Work required ▸
Skip all pictures; return exactly the lines from the one containing "gpt: The wastewater" through the end of the data.

[Records excerpted from a collection]

········

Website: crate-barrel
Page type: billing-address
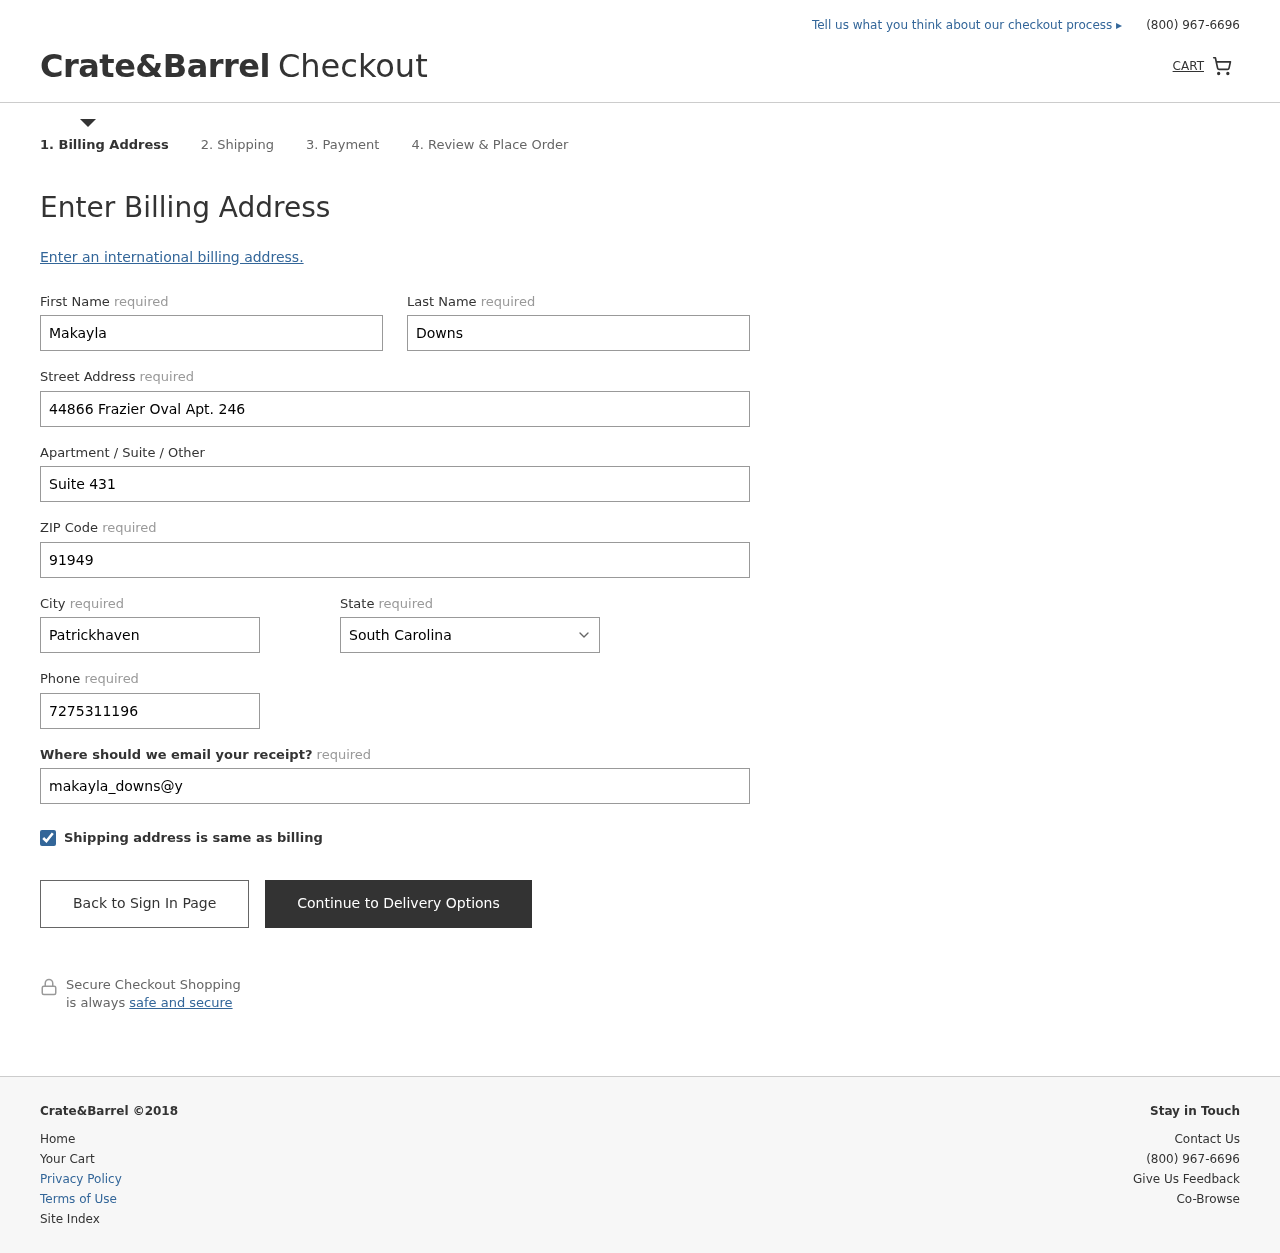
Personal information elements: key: PII_STATE
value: South Carolina
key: PII_FIRSTNAME
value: Makayla
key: PII_LASTNAME
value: Downs
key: PII_STREET
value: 44866 Frazier Oval Apt. 246
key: PII_STREET2
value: Suite 431
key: PII_POSTCODE
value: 91949
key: PII_CITY
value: Patrickhaven
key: PII_PHONE
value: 7275311196
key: PII_EMAIL
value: makayla_downs@yahoo.com
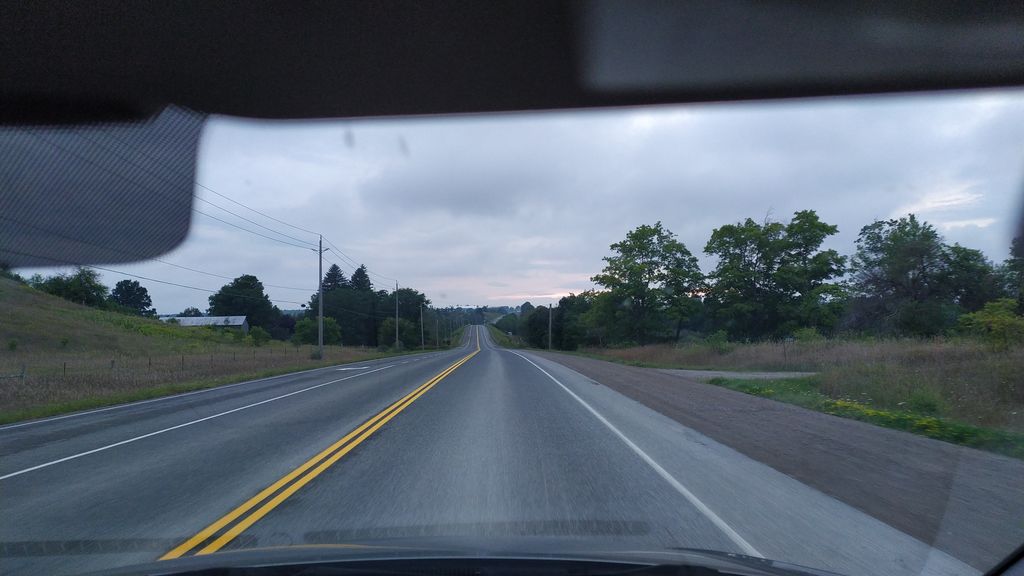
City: kitchener-waterloo
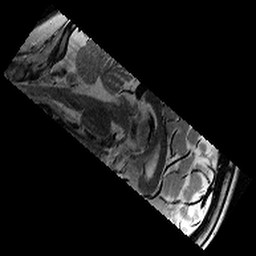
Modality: T2w
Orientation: sagittal
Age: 10
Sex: female
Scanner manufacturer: siemens
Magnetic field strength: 3 T
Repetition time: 9.23 s
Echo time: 0.067 s
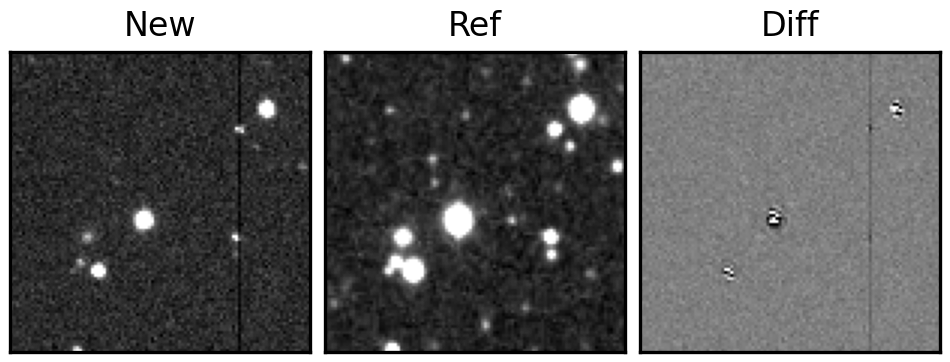
Label: bogus
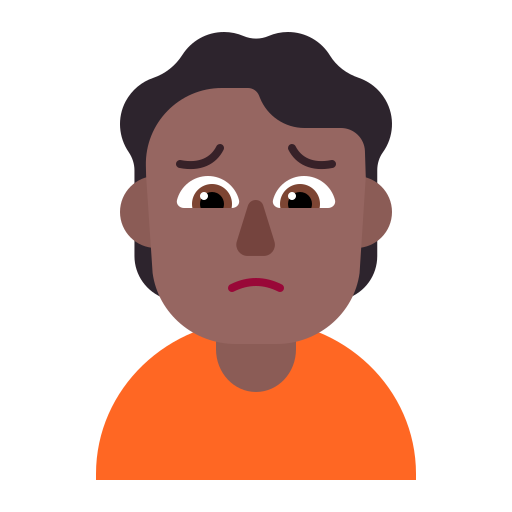
person frowning flat  dark
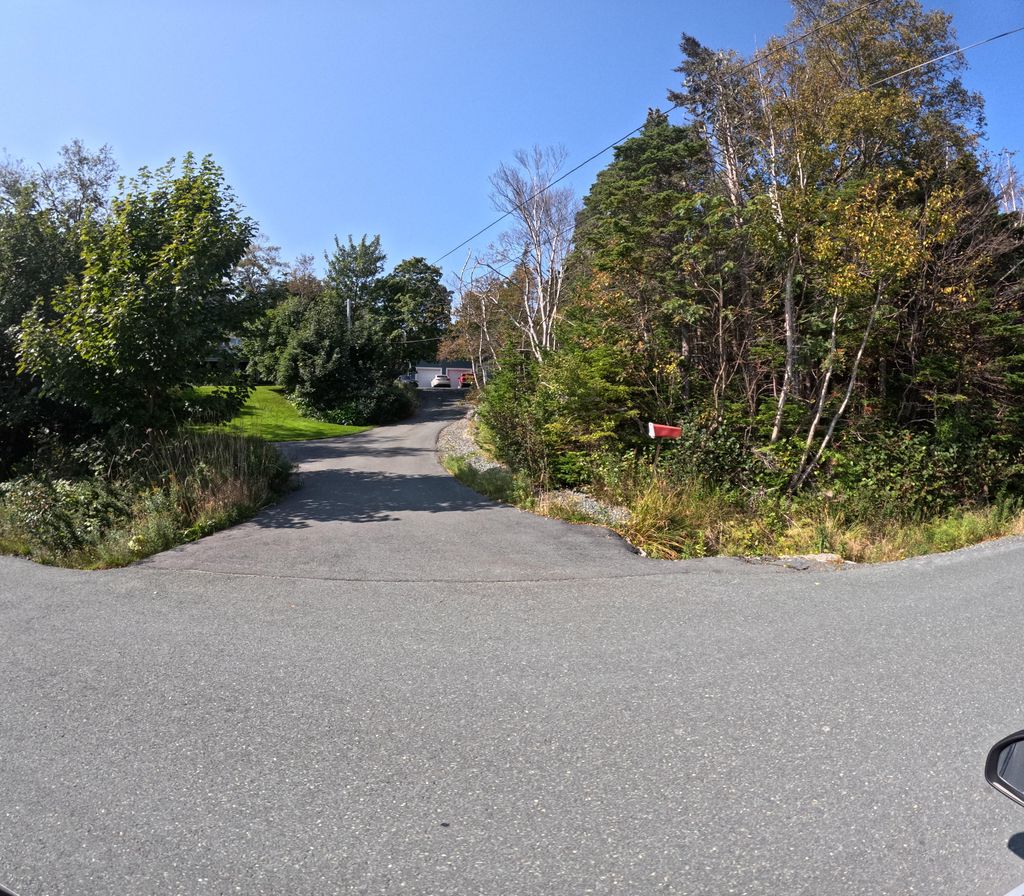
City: st_johns
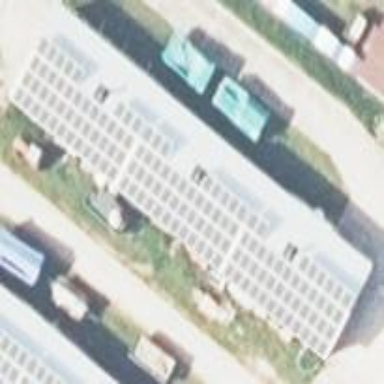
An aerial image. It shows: Stable building with small solar photovoltaic panel generator providing electricity.
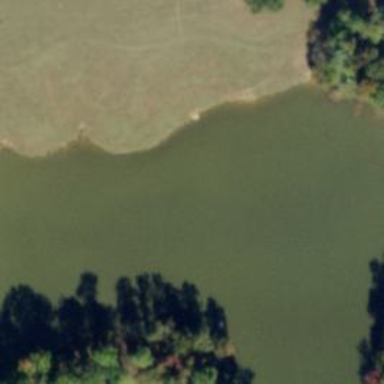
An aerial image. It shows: Reservoir area.
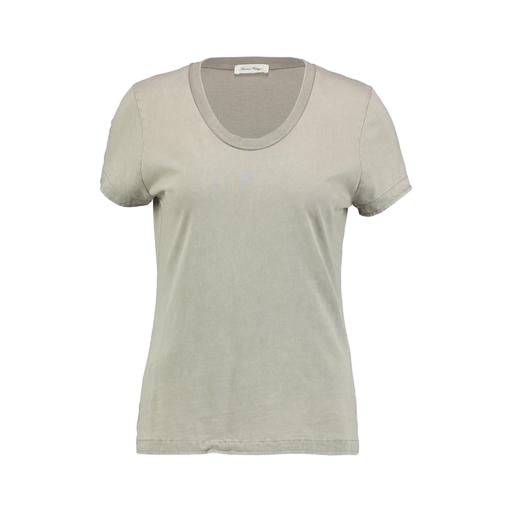
gray women's distressed clay t-shirt, multicolor clay tee chalk, scoop-neck tee, white background
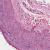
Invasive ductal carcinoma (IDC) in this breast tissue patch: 0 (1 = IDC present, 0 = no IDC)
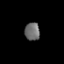
Tissue: prostate
Cell type: T cells
Senescence score: 0.25
Nuclear area (px): 264
Mean DAPI intensity: 108.072
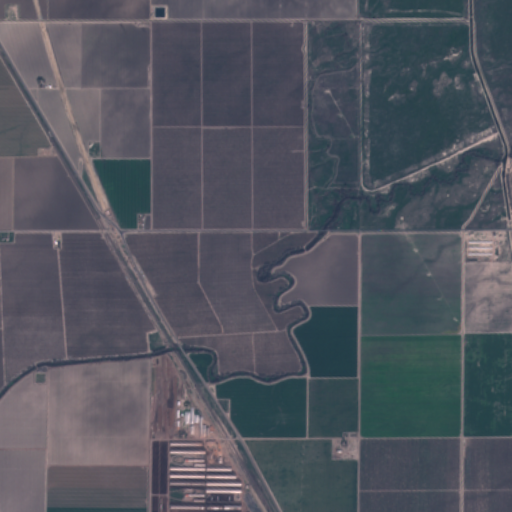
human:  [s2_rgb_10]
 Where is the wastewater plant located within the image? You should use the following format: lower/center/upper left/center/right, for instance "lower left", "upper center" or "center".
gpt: The wastewater plant is located in the lower left of the image.
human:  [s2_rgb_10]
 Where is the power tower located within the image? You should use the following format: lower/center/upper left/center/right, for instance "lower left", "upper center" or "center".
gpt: There is no power tower in the image.
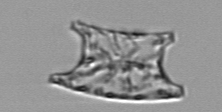
Label: Eucampia
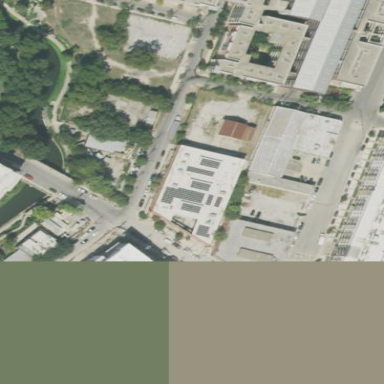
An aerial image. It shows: Office building.
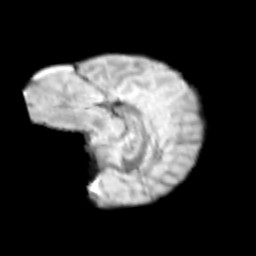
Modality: T2w
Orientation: sagittal
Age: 11
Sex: male
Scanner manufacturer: siemens
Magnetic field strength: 3 T
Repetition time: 3.8 s
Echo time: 0.07 s
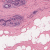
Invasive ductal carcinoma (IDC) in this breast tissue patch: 0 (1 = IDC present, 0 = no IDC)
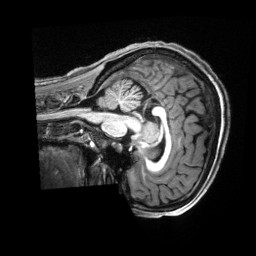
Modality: T1w
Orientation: sagittal
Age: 18
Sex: female
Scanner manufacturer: siemens
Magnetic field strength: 3 T
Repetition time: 2.5 s
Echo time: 0.00222 s

········

Result of the task ▸
gpt: The wastewater plant is located in the lower left of the image.
human:  [s2_rgb_10]
 Where is the power tower located within the image? You should use the following format: lower/center/upper left/center/right, for instance "lower left", "upper center" or "center".
gpt: There is no power tower in the image.
Label: Eucampia
An aerial image. It shows: Office building.
Modality: T2w
Orientation: sagittal
Age: 11
Sex: male
Scanner manufacturer: siemens
Magnetic field strength: 3 T
Repetition time: 3.8 s
Echo time: 0.07 s
Invasive ductal carcinoma (IDC) in this breast tissue patch: 0 (1 = IDC present, 0 = no IDC)
Modality: T1w
Orientation: sagittal
Age: 18
Sex: female
Scanner manufacturer: siemens
Magnetic field strength: 3 T
Repetition time: 2.5 s
Echo time: 0.00222 s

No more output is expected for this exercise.